Information given:

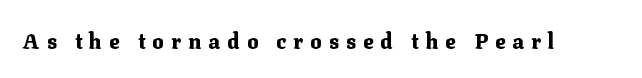
{"italic": "no", "bold": "yes", "underline": "no", "letter_spacing": "wide", "letter_spacing_em": 0.34, "glyph_px": 21}
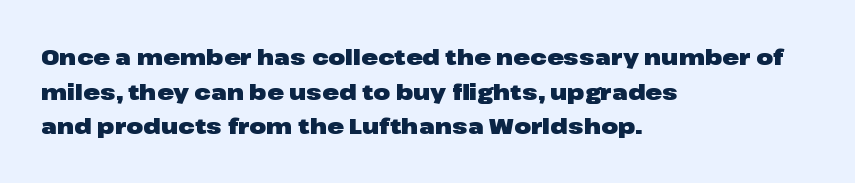
{"italic": "no", "bold": "yes", "underline": "no", "align": "left", "line_spacing": "normal", "line_spacing_ratio": 1.57, "letter_spacing": "normal", "letter_spacing_em": 0.0, "glyph_px": 22}
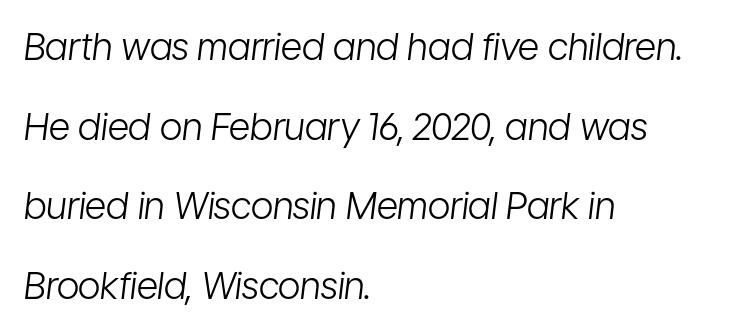
Does extra space separate the letters? No, they use regular spacing. Alignment: flush left. This sample uses an oblique cut, with every glyph tilted off the vertical. The letters look calm and open, with moderate or lighter stems. A bare baseline throughout the passage. Do the characters align in a grid? No, the font is proportional.
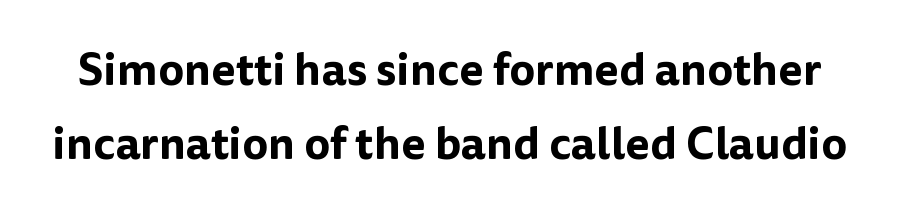
This is the regular roman posture of the typeface. The foot of each line stays bare and open. Type style note: lacks serifs. Character widths vary here, with narrow letters taking less room than wide ones. The rendering uses a moderate line-height, typical for paragraphs. The rendering keeps characters at their native spacing.
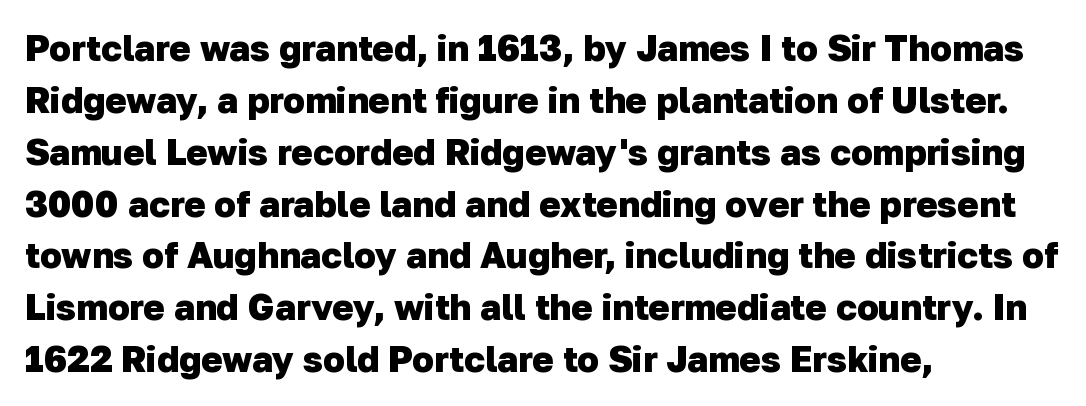
Default kerning and tracking; the words read as compact shapes. Typographic density is high because the face is bold. Line spacing here is normal. Examine the stroke ends and you'll find no serifs.
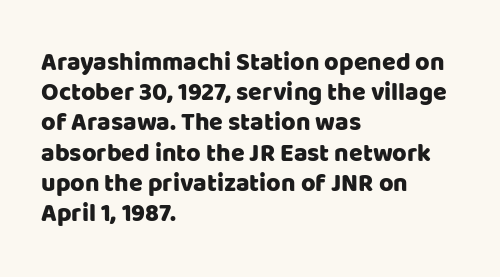
Standard letterfit; no display-style spreading of the glyphs. A typesetter would mark this as roman, not italic. Does the copy run flush right? No — it runs flush left. Words float on clear page, feet unadorned.
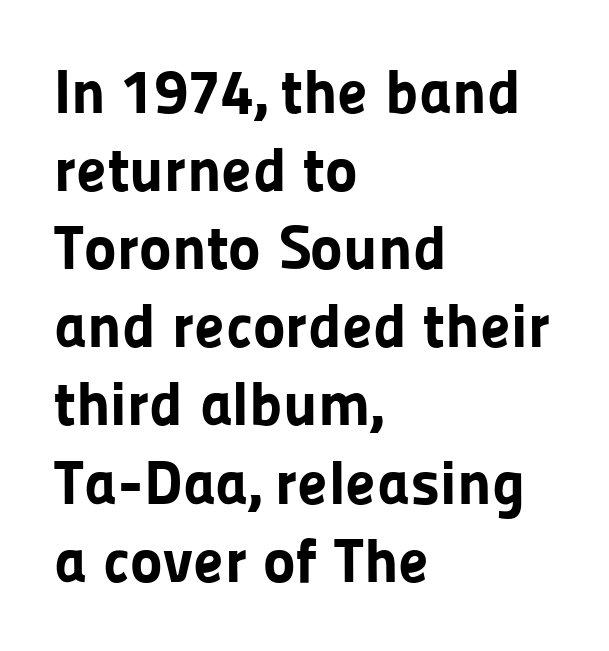
{"serif": "no", "italic": "no", "bold": "yes", "weight": "bold", "width": "normal", "stroke_contrast": "low", "x_height": "medium", "monospaced": "no", "underline": "no", "align": "left", "line_spacing": "normal", "line_spacing_ratio": 1.26, "letter_spacing": "normal", "letter_spacing_em": 0.0, "glyph_px": 62}
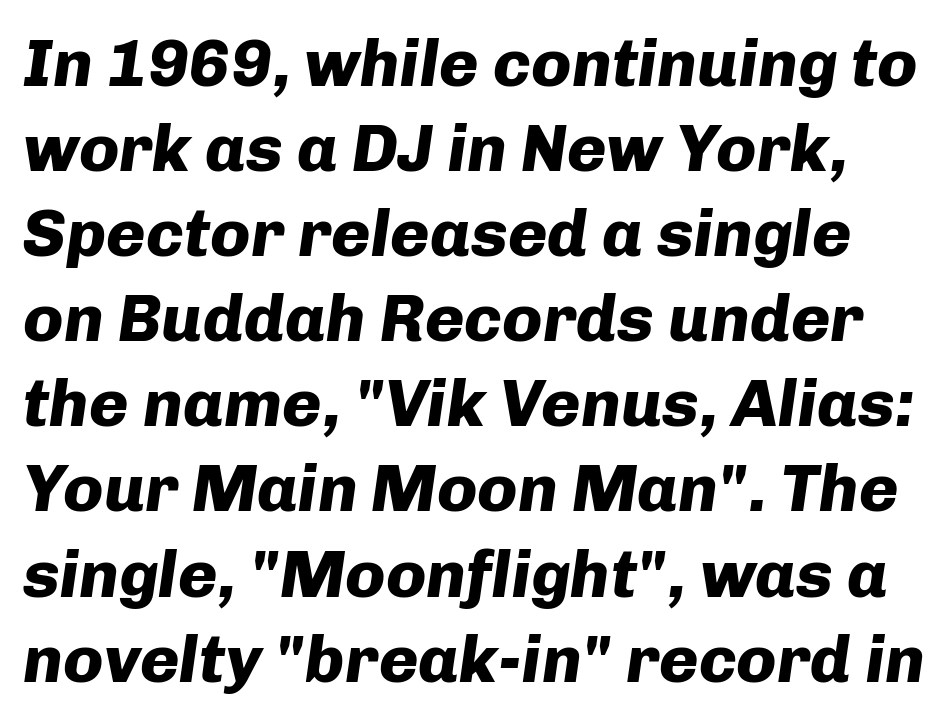
The baseline area is clear. Glyph-to-glyph distance matches everyday printed text. Every character sits at an angle, as italics do. The rendering uses natural spacing where letterforms have individual widths. The leading is moderate, giving the passage an even texture.
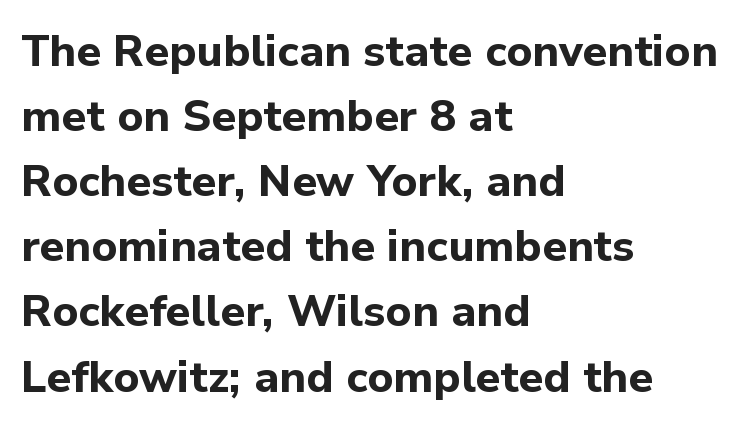
Does the leading feel generous? No, just average. The text was rendered using a sans face with plain stroke endings. This sample uses an upright cut, with every glyph sitting square on the baseline. Proportional: the letters do not fall into vertical columns.
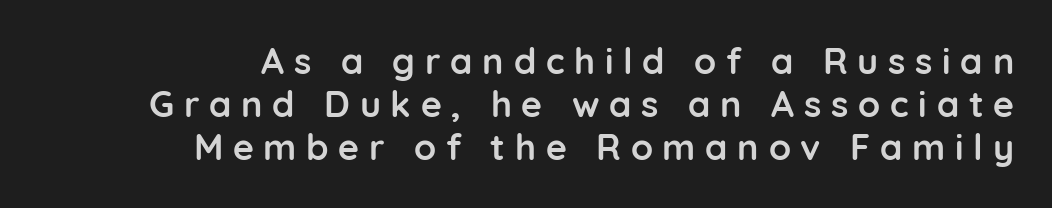
{"serif": "no", "italic": "no", "bold": "yes", "weight": "semibold", "width": "normal", "stroke_contrast": "low", "x_height": "medium", "monospaced": "no", "underline": "no", "align": "right", "line_spacing_ratio": 1.2, "letter_spacing": "wide", "letter_spacing_em": 0.27, "glyph_px": 36}
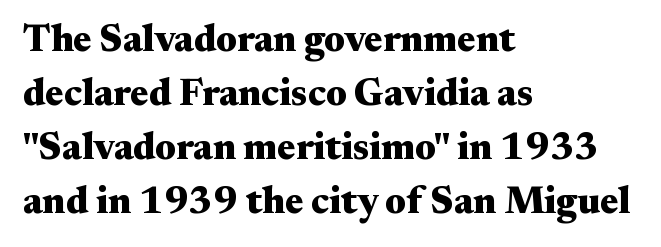
The image shows 38 px heavy, wide serif type, upright; set left-aligned, normal line spacing (1.42x), normal letter spacing, not underlined; medium stroke contrast and a small x-height.
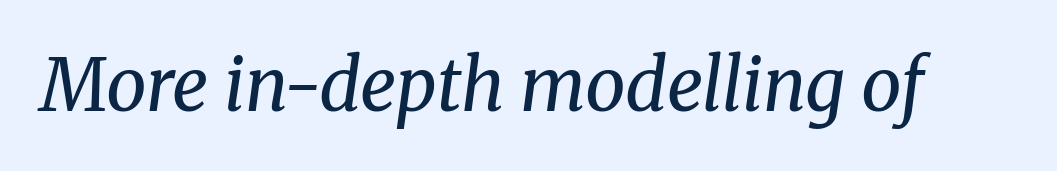
The image shows 72 px regular-weight serif type, italic (leaning right); set normal letter spacing, not underlined; medium stroke contrast and a medium x-height.
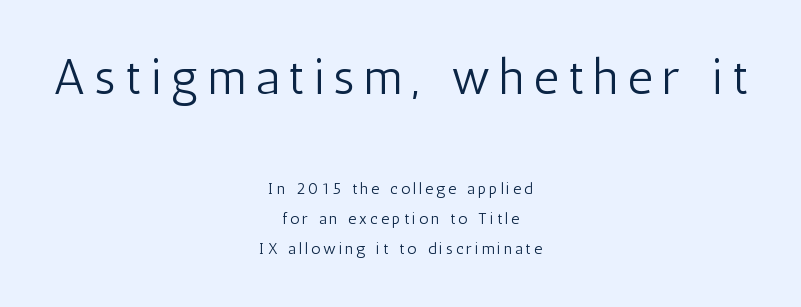
Q: Is the text bold? A: No.
Q: Is the text italic (slanted)? A: No, it is upright.
Q: Is the typeface a serif or a sans-serif typeface? A: Sans-serif.
Q: Is the text underlined? A: No.
Q: How is the paragraph aligned? A: Centered.
Q: Which block of text is set in a larger size, the first (top) or the second (bottom)? A: The first (top) one.
Q: Width (condensed, normal, or wide)? A: Condensed.
Q: Stroke contrast? A: Low.
Q: x-height? A: Medium.
Q: Monospaced? A: No.
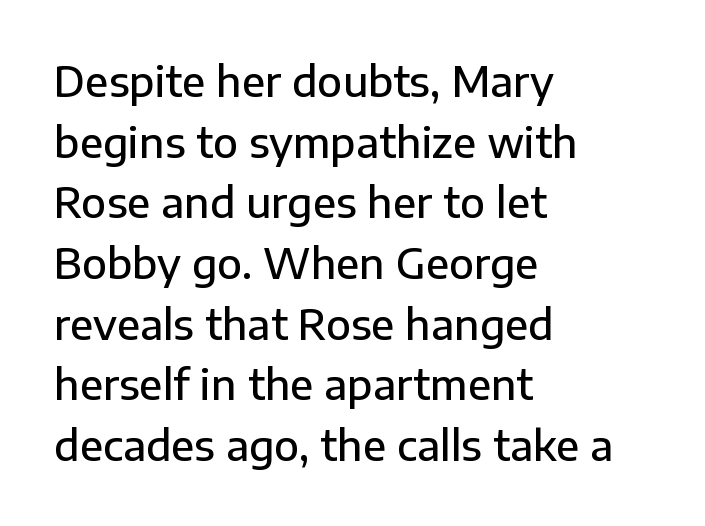
The image shows 41 px semibold sans-serif type, upright; set left-aligned, normal line spacing (1.48x), normal letter spacing, not underlined; low stroke contrast and a medium x-height.
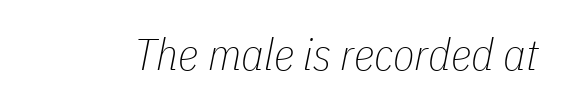
The image shows 44 px thin, condensed type, italic (leaning right); set normal letter spacing, not underlined; low stroke contrast and a medium x-height.
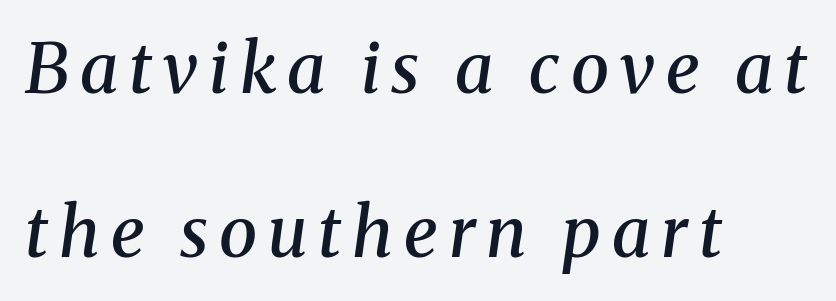
Q: Is the text bold? A: Semi-bold.
Q: Is the text italic (slanted)? A: Yes, it leans right by about 8 degrees.
Q: Is the typeface a serif or a sans-serif typeface? A: Serif.
Q: Is the text underlined? A: No.
Q: How is the paragraph aligned? A: Left-aligned.
Q: Is the spacing between lines tight, normal or loose? A: Loose.
Q: Width (condensed, normal, or wide)? A: Normal.
Q: Stroke contrast? A: Medium.
Q: x-height? A: Medium.
Q: Monospaced? A: No.
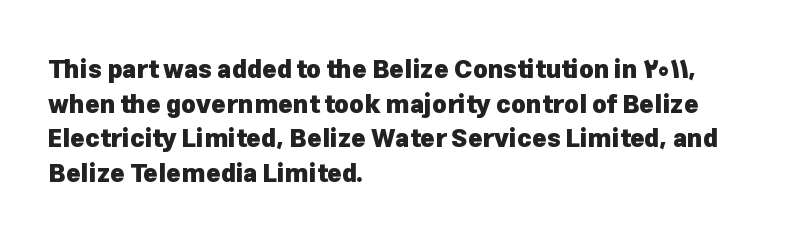
{"italic": "no", "bold": "yes", "underline": "no", "align": "left", "line_spacing": "normal", "line_spacing_ratio": 1.39, "letter_spacing": "normal", "letter_spacing_em": 0.0, "glyph_px": 25}
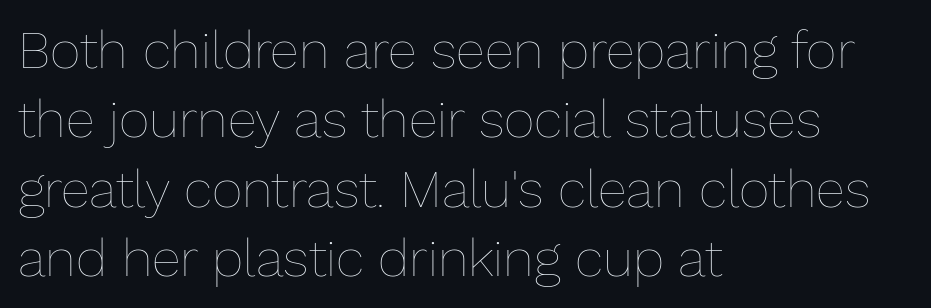
The image shows 53 px thin type, upright; set left-aligned, normal line spacing (1.31x), normal letter spacing, not underlined; low stroke contrast and a medium x-height.
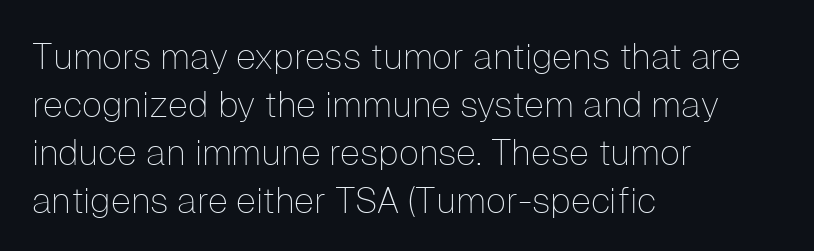
{"serif": "no", "italic": "no", "bold": "no", "weight": "thin", "width": "normal", "stroke_contrast": "low", "x_height": "medium", "monospaced": "no", "underline": "no", "align": "left", "line_spacing": "normal", "line_spacing_ratio": 1.33, "letter_spacing": "normal", "letter_spacing_em": 0.0, "glyph_px": 36}
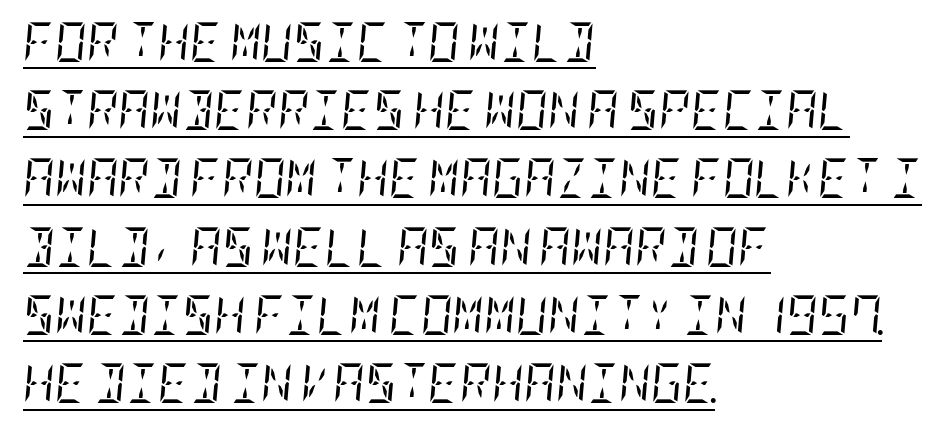
The image shows 39 px regular-weight, condensed serif type, italic (leaning right); set left-aligned, line spacing 1.75x, normal letter spacing, underlined; low stroke contrast and a large x-height.
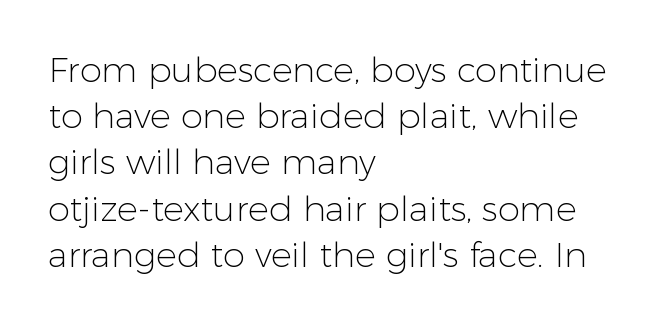
The image shows 35 px light sans-serif type, upright; set left-aligned, normal line spacing (1.32x), normal letter spacing, not underlined; low stroke contrast and a medium x-height.
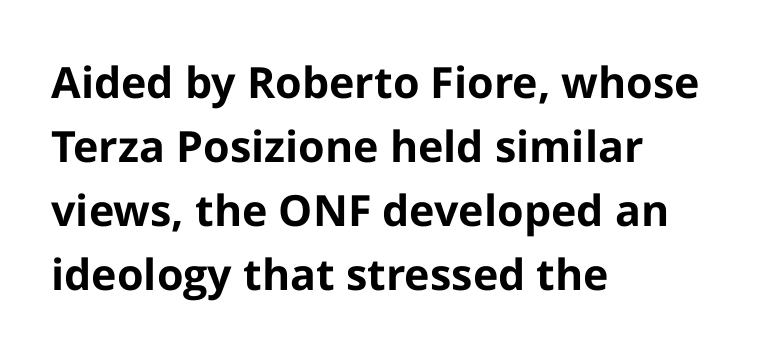
Letter spacing: default. Evenly set lines give the paragraph a standard silhouette. The face used here has the dense, thick strokes of a bold. Unlike a traditional serif, this face leaves its strokes unadorned.
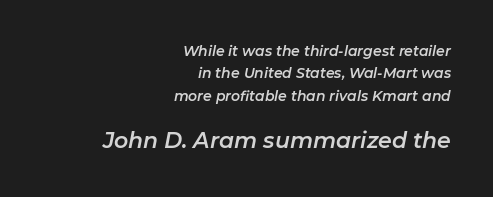
{"italic": "yes", "lean": "right", "slant_degrees": 11, "underline": "no", "align": "right", "line_spacing": "normal", "line_spacing_ratio": 1.59, "letter_spacing": "normal", "letter_spacing_em": 0.0, "larger_block": "second", "size_ratio": 1.57, "glyph_px": 22}
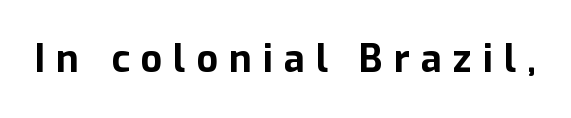
Look at the tracking — it's clearly loosened, letters drifting apart. Serif or sans? Sans — the stroke terminals are bare. No italicization has been applied; the sample stays upright. Caption: bold face, heavy strokes. The passage shown is not underscored anywhere.
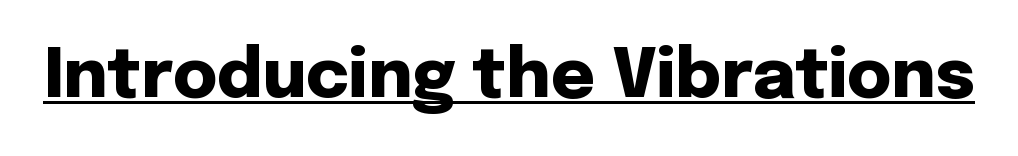
The image shows 68 px heavy sans-serif type, upright; set normal letter spacing, underlined; low stroke contrast and a medium x-height.
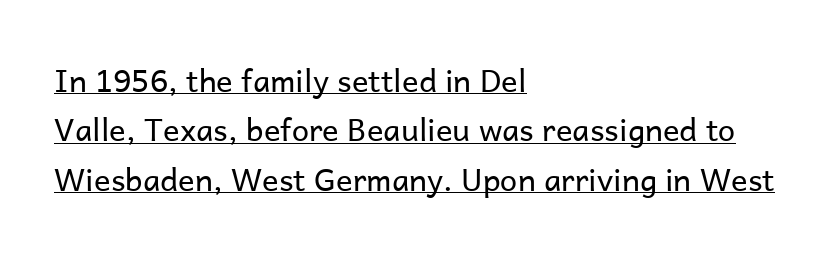
This reads as an unemphasized weight, regular at the heaviest. Characters remain perfectly vertical along every line. One glance says typical: line gaps are just what's usual. You can tell from the bare stems that sans-serif type was used. Do the characters align in a grid? No, the font is proportional.
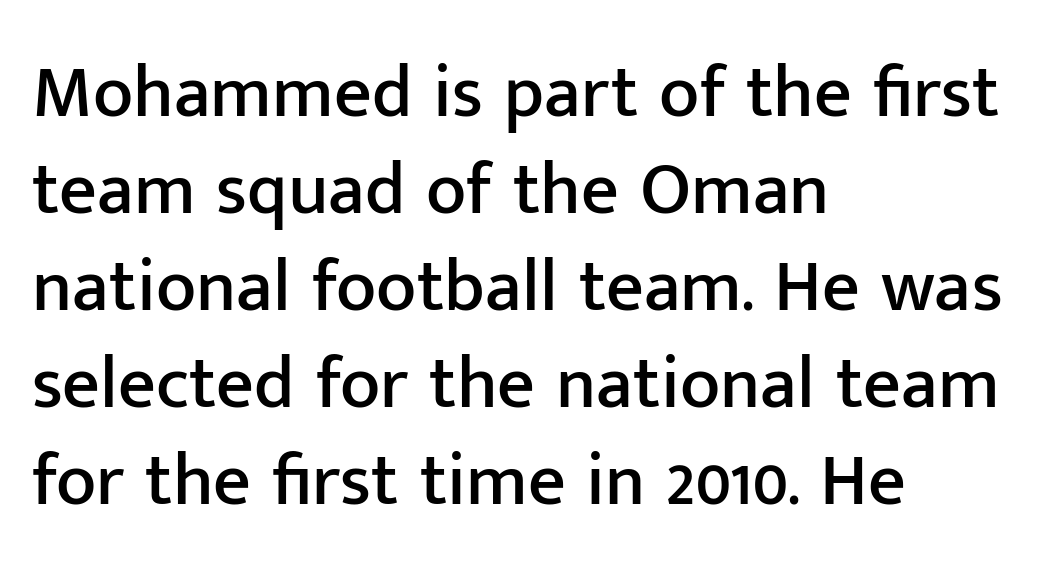
The image shows 74 px sans-serif type, upright; set left-aligned, normal line spacing (1.31x), normal letter spacing, not underlined; low stroke contrast and a medium x-height.
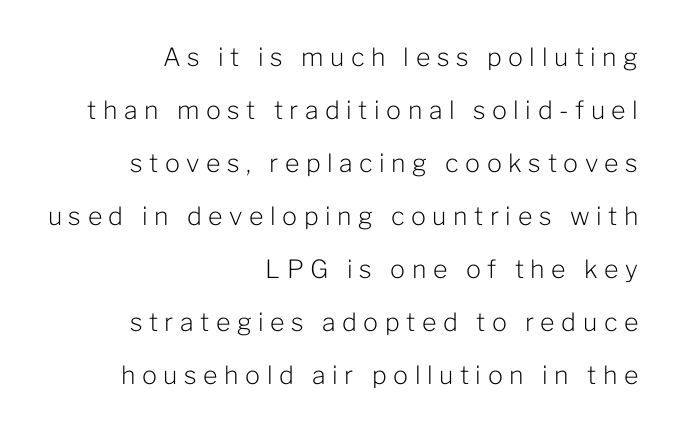
{"italic": "no", "bold": "no", "underline": "no", "align": "right", "line_spacing": "loose", "line_spacing_ratio": 2.12, "letter_spacing": "wide", "letter_spacing_em": 0.26, "glyph_px": 25}

Work required: Exactly reproduce the lines above, starting at the one that contains "Q: Width (condensed, normal, or wide)? A: Normal." and ending at the one that contains "The image shows 68", both inclusive; leave the pictures out and add no other lines.

Answer:
Q: Width (condensed, normal, or wide)? A: Normal.
Q: Stroke contrast? A: Medium.
Q: x-height? A: Medium.
Q: Monospaced? A: No.
{"italic": "no", "bold": "yes", "underline": "no", "align": "left", "line_spacing": "normal", "line_spacing_ratio": 1.39, "letter_spacing": "normal", "letter_spacing_em": 0.0, "glyph_px": 25}
The image shows 53 px thin type, upright; set left-aligned, normal line spacing (1.31x), normal letter spacing, not underlined; low stroke contrast and a medium x-height.
{"serif": "no", "italic": "no", "bold": "no", "weight": "thin", "width": "normal", "stroke_contrast": "low", "x_height": "medium", "monospaced": "no", "underline": "no", "align": "left", "line_spacing": "normal", "line_spacing_ratio": 1.33, "letter_spacing": "normal", "letter_spacing_em": 0.0, "glyph_px": 36}
The image shows 39 px regular-weight, condensed serif type, italic (leaning right); set left-aligned, line spacing 1.75x, normal letter spacing, underlined; low stroke contrast and a large x-height.
The image shows 35 px light sans-serif type, upright; set left-aligned, normal line spacing (1.32x), normal letter spacing, not underlined; low stroke contrast and a medium x-height.
Letter spacing: default. Evenly set lines give the paragraph a standard silhouette. The face used here has the dense, thick strokes of a bold. Unlike a traditional serif, this face leaves its strokes unadorned.
{"italic": "yes", "lean": "right", "slant_degrees": 11, "underline": "no", "align": "right", "line_spacing": "normal", "line_spacing_ratio": 1.59, "letter_spacing": "normal", "letter_spacing_em": 0.0, "larger_block": "second", "size_ratio": 1.57, "glyph_px": 22}
Look at the tracking — it's clearly loosened, letters drifting apart. Serif or sans? Sans — the stroke terminals are bare. No italicization has been applied; the sample stays upright. Caption: bold face, heavy strokes. The passage shown is not underscored anywhere.
The image shows 68 px heavy sans-serif type, upright; set normal letter spacing, underlined; low stroke contrast and a medium x-height.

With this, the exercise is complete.